* Work order
When you retype the entries, keep each one exact and leave out the pictures.

* Materials provided

------------

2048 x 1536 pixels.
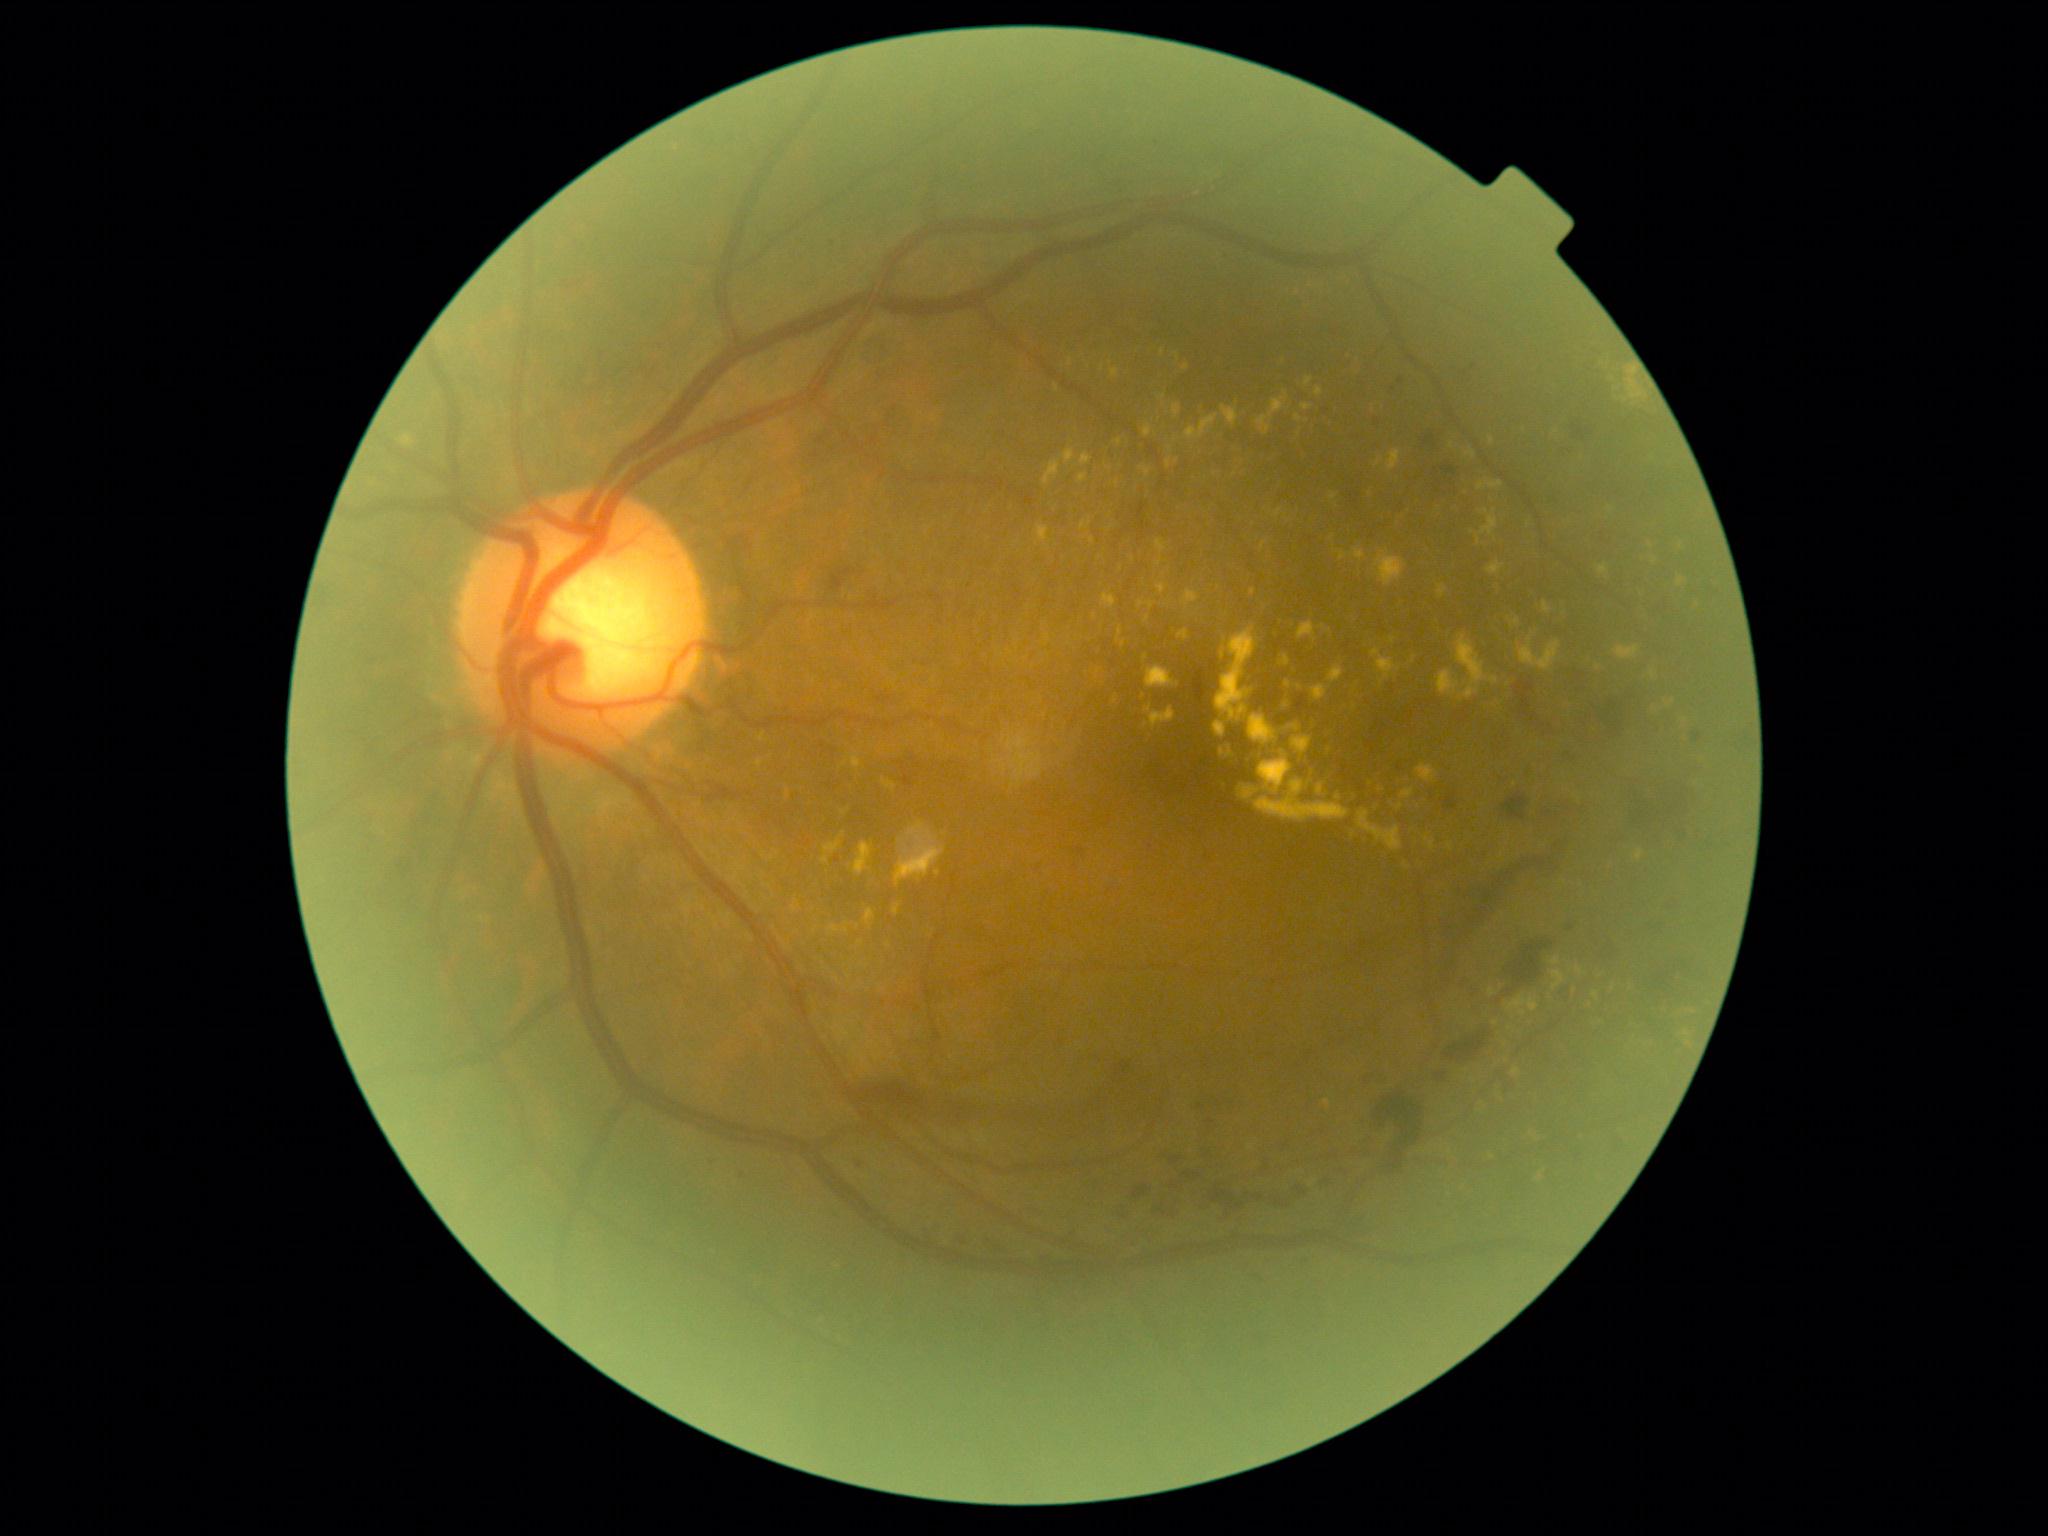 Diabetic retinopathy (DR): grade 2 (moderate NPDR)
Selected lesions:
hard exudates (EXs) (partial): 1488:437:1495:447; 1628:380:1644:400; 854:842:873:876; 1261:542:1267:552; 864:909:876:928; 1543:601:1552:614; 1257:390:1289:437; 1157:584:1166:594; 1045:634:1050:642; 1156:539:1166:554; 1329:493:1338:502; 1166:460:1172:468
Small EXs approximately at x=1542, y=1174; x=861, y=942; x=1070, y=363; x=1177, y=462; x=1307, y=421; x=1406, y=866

------------

* Written response
2048 x 1536 pixels.
 Diabetic retinopathy (DR): grade 2 (moderate NPDR)
Selected lesions:
hard exudates (EXs) (partial): 1488:437:1495:447; 1628:380:1644:400; 854:842:873:876; 1261:542:1267:552; 864:909:876:928; 1543:601:1552:614; 1257:390:1289:437; 1157:584:1166:594; 1045:634:1050:642; 1156:539:1166:554; 1329:493:1338:502; 1166:460:1172:468
Small EXs approximately at x=1542, y=1174; x=861, y=942; x=1070, y=363; x=1177, y=462; x=1307, y=421; x=1406, y=866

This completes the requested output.